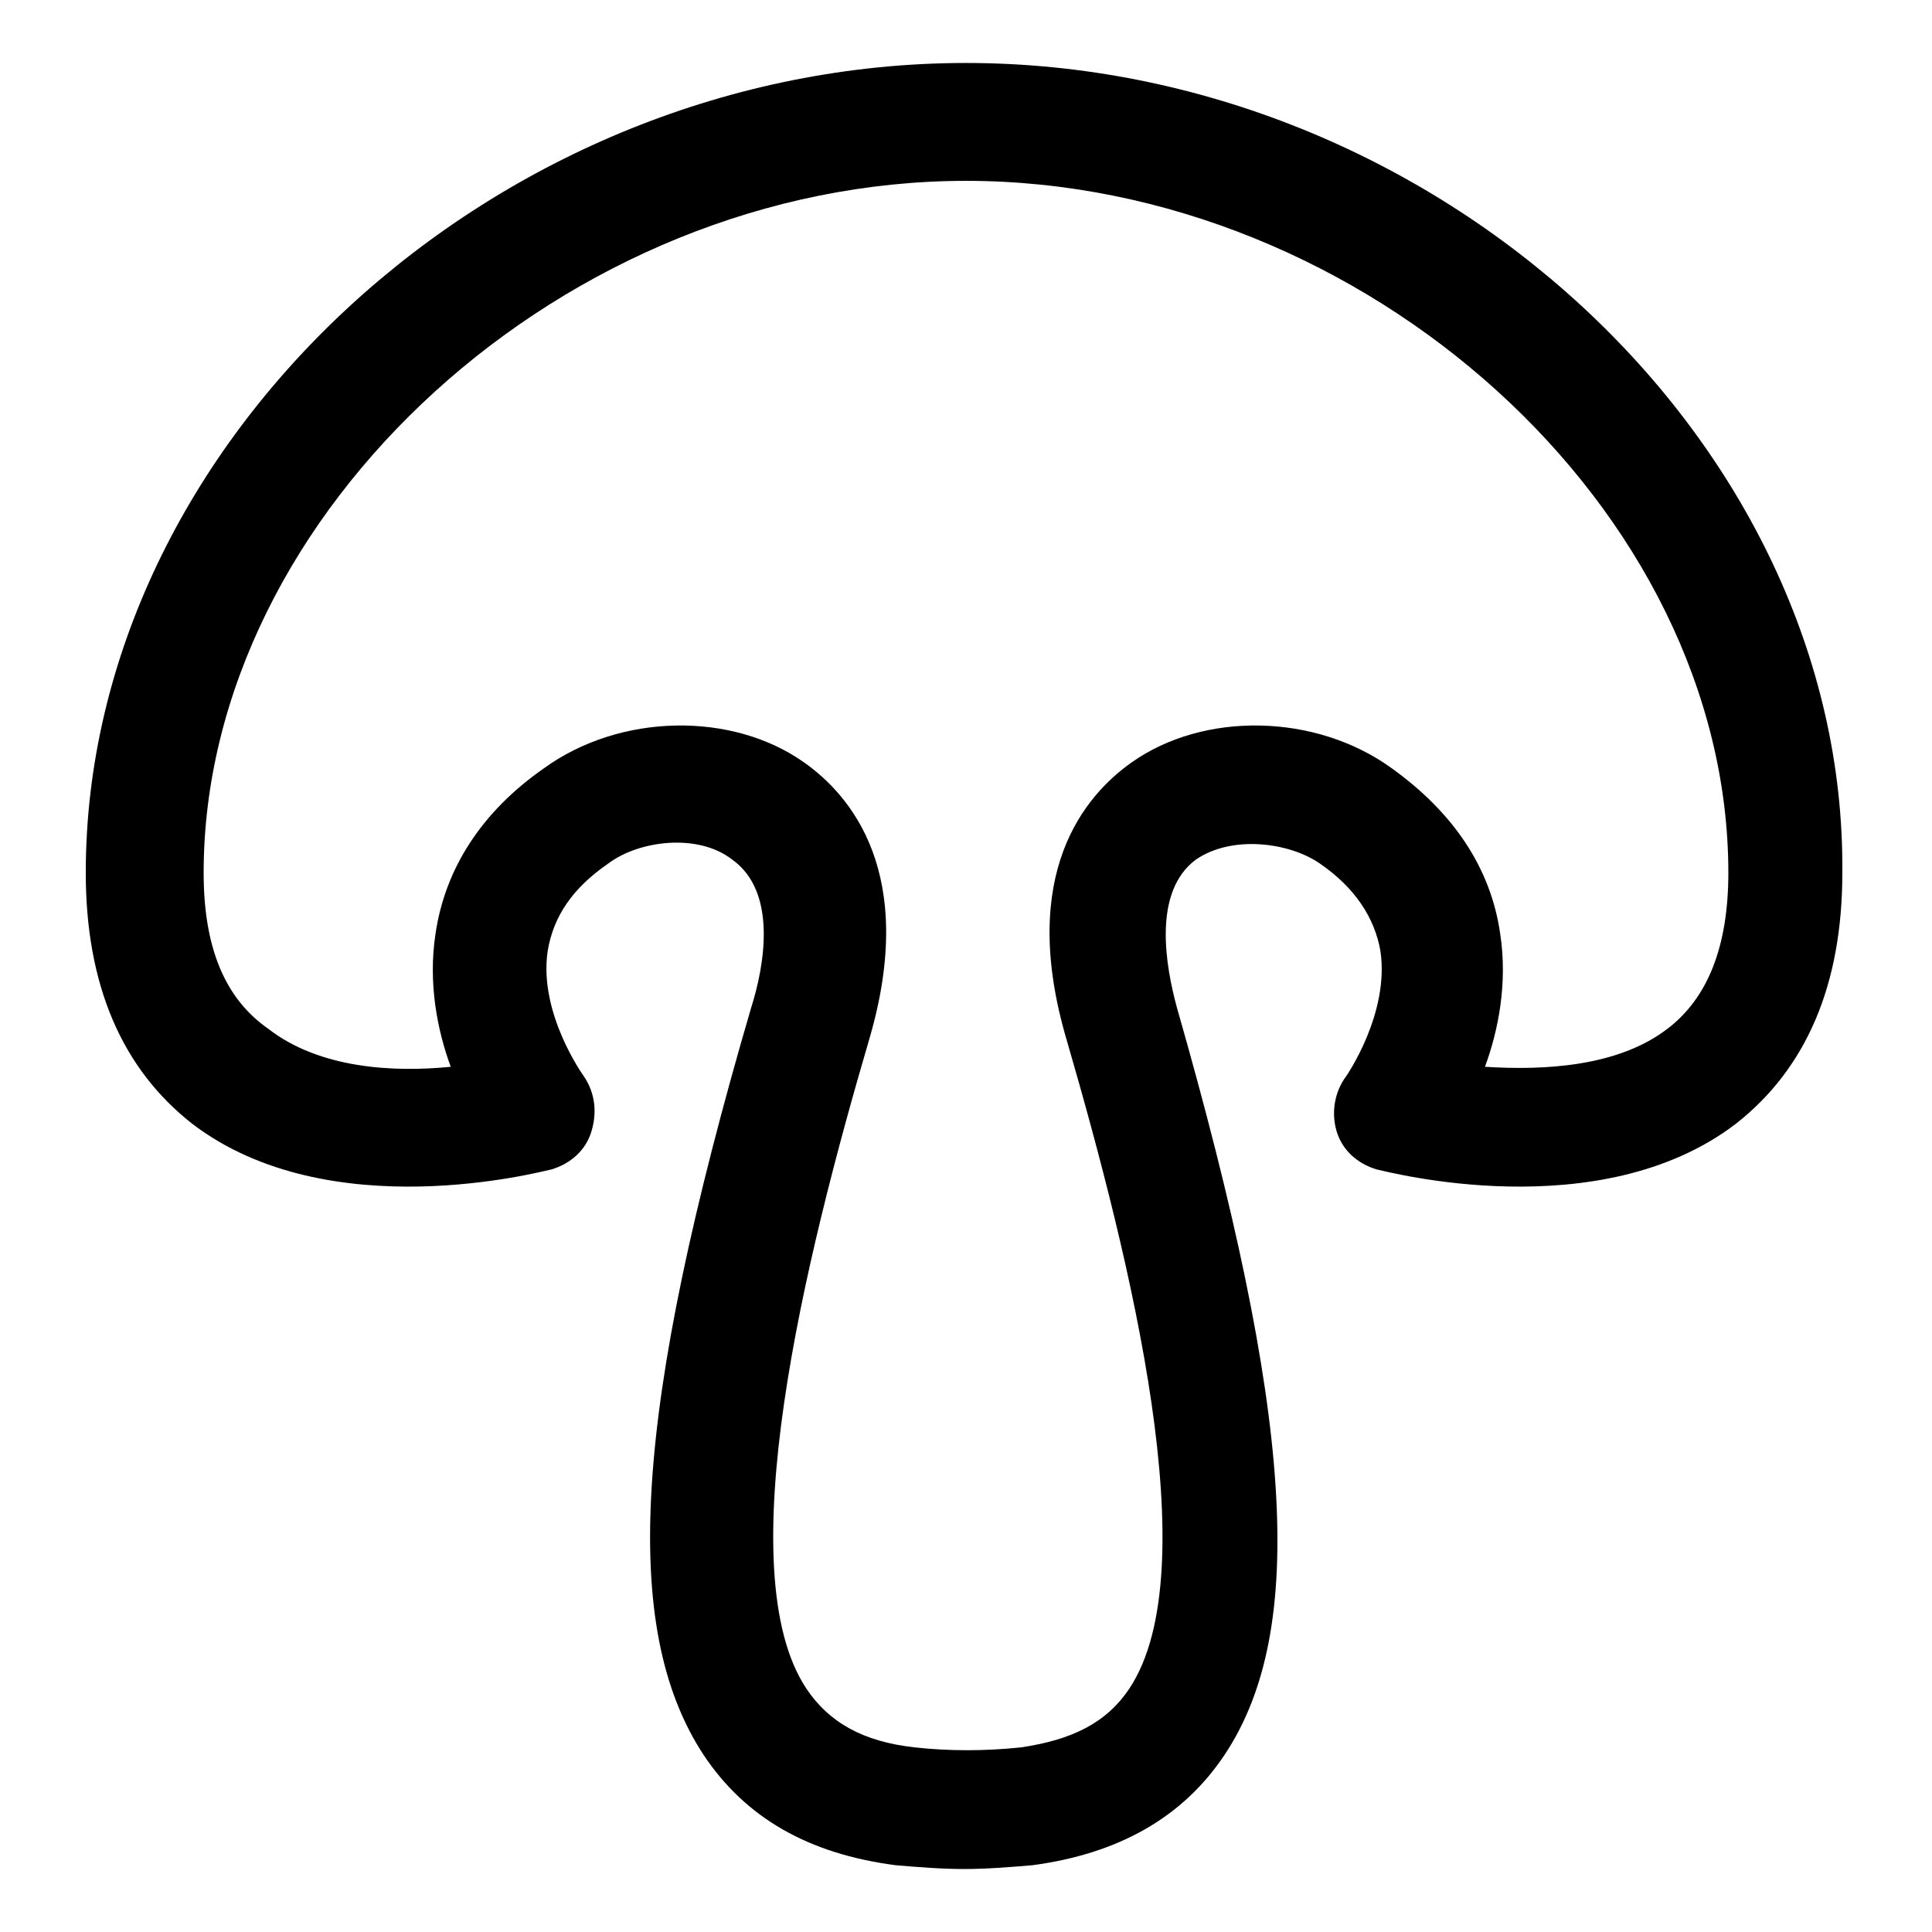 <?xml version="1.0" encoding="UTF-8"?>
<!-- Uploaded to: SVG Repo, www.svgrepo.com, Generator: SVG Repo Mixer Tools -->
<svg fill="#000000" width="800px" height="800px" version="1.1" viewBox="144 144 512 512" xmlns="http://www.w3.org/2000/svg">
 <path d="m400 160.69c-124.44 0-233.27 100.26-233.27 214.62 0 29.727 9.574 51.891 28.215 66.504 36.273 27.711 92.699 12.594 95.219 12.09 5.039-1.512 9.07-5.039 10.578-10.078 1.512-5.039 1.008-10.078-2.016-14.609 0 0-12.09-16.625-9.574-33.25 1.512-9.07 6.551-16.625 16.121-23.176 8.062-6.047 23.68-8.062 32.746-1.008 12.09 8.566 8.566 28.215 5.039 39.297-31.234 106.81-34.762 164.24-12.594 198 11.082 16.625 27.711 26.199 50.883 29.223 6.047 0.504 12.09 1.008 18.137 1.008s12.09-0.504 18.137-1.008c22.672-3.023 39.801-12.594 50.883-29.223 22.168-33.25 18.137-90.688-12.594-198-3.023-11.082-6.551-30.73 5.039-39.297 9.574-6.551 24.688-4.535 32.746 1.008 9.574 6.551 14.609 14.609 16.121 23.176 2.519 16.625-9.07 33.25-9.07 33.25-3.023 4.031-4.031 9.574-2.519 14.609 1.512 5.039 5.543 8.566 10.578 10.078 2.519 0.504 58.945 15.617 95.219-12.09 18.641-14.609 28.215-36.777 28.215-66.504 1.02-114.37-107.8-214.62-232.24-214.62zm185.9 255.94c-13.098 10.078-32.746 11.082-48.367 10.078 3.527-9.574 6.047-22.168 4.031-35.266-2.519-17.633-12.594-32.242-28.719-43.832-20.152-14.609-49.879-15.113-69.023-1.512-12.09 8.566-30.23 29.223-17.129 73.555 17.129 58.945 37.281 140.56 16.625 171.8-6.047 9.07-15.113 13.602-28.719 15.617-9.574 1.008-19.145 1.008-28.215 0-13.602-1.512-22.672-6.551-28.719-15.617-20.656-31.234-0.504-113.36 16.625-171.8 13.098-44.336-5.039-64.992-17.129-73.555-19.145-13.602-48.871-13.098-69.023 1.512-16.625 11.586-26.199 26.703-28.719 43.832-2.016 13.098 0.504 25.695 4.031 35.266-15.113 1.512-34.762 0.504-48.367-10.078-11.574-8.062-17.113-21.664-17.113-41.312 0-95.723 96.227-183.39 202.03-183.39s202.03 87.16 202.03 183.39c0 19.648-5.543 33.25-16.125 41.312z"/>
</svg>

### TRY IT
The entries are to be written out again exactly, though without any images.

### EXERCISE ANSWER
 <?xml version="1.0" encoding="UTF-8"?>
<!-- Uploaded to: SVG Repo, www.svgrepo.com, Generator: SVG Repo Mixer Tools -->
<svg fill="#000000" width="800px" height="800px" version="1.1" viewBox="144 144 512 512" xmlns="http://www.w3.org/2000/svg">
 <path d="m400 160.69c-124.44 0-233.27 100.26-233.27 214.62 0 29.727 9.574 51.891 28.215 66.504 36.273 27.711 92.699 12.594 95.219 12.09 5.039-1.512 9.07-5.039 10.578-10.078 1.512-5.039 1.008-10.078-2.016-14.609 0 0-12.09-16.625-9.574-33.25 1.512-9.07 6.551-16.625 16.121-23.176 8.062-6.047 23.68-8.062 32.746-1.008 12.09 8.566 8.566 28.215 5.039 39.297-31.234 106.81-34.762 164.24-12.594 198 11.082 16.625 27.711 26.199 50.883 29.223 6.047 0.504 12.09 1.008 18.137 1.008s12.09-0.504 18.137-1.008c22.672-3.023 39.801-12.594 50.883-29.223 22.168-33.25 18.137-90.688-12.594-198-3.023-11.082-6.551-30.73 5.039-39.297 9.574-6.551 24.688-4.535 32.746 1.008 9.574 6.551 14.609 14.609 16.121 23.176 2.519 16.625-9.07 33.25-9.07 33.25-3.023 4.031-4.031 9.574-2.519 14.609 1.512 5.039 5.543 8.566 10.578 10.078 2.519 0.504 58.945 15.617 95.219-12.09 18.641-14.609 28.215-36.777 28.215-66.504 1.02-114.37-107.8-214.62-232.24-214.62zm185.9 255.94c-13.098 10.078-32.746 11.082-48.367 10.078 3.527-9.574 6.047-22.168 4.031-35.266-2.519-17.633-12.594-32.242-28.719-43.832-20.152-14.609-49.879-15.113-69.023-1.512-12.09 8.566-30.23 29.223-17.129 73.555 17.129 58.945 37.281 140.56 16.625 171.8-6.047 9.07-15.113 13.602-28.719 15.617-9.574 1.008-19.145 1.008-28.215 0-13.602-1.512-22.672-6.551-28.719-15.617-20.656-31.234-0.504-113.36 16.625-171.8 13.098-44.336-5.039-64.992-17.129-73.555-19.145-13.602-48.871-13.098-69.023 1.512-16.625 11.586-26.199 26.703-28.719 43.832-2.016 13.098 0.504 25.695 4.031 35.266-15.113 1.512-34.762 0.504-48.367-10.078-11.574-8.062-17.113-21.664-17.113-41.312 0-95.723 96.227-183.39 202.03-183.39s202.03 87.16 202.03 183.39c0 19.648-5.543 33.25-16.125 41.312z"/>
</svg>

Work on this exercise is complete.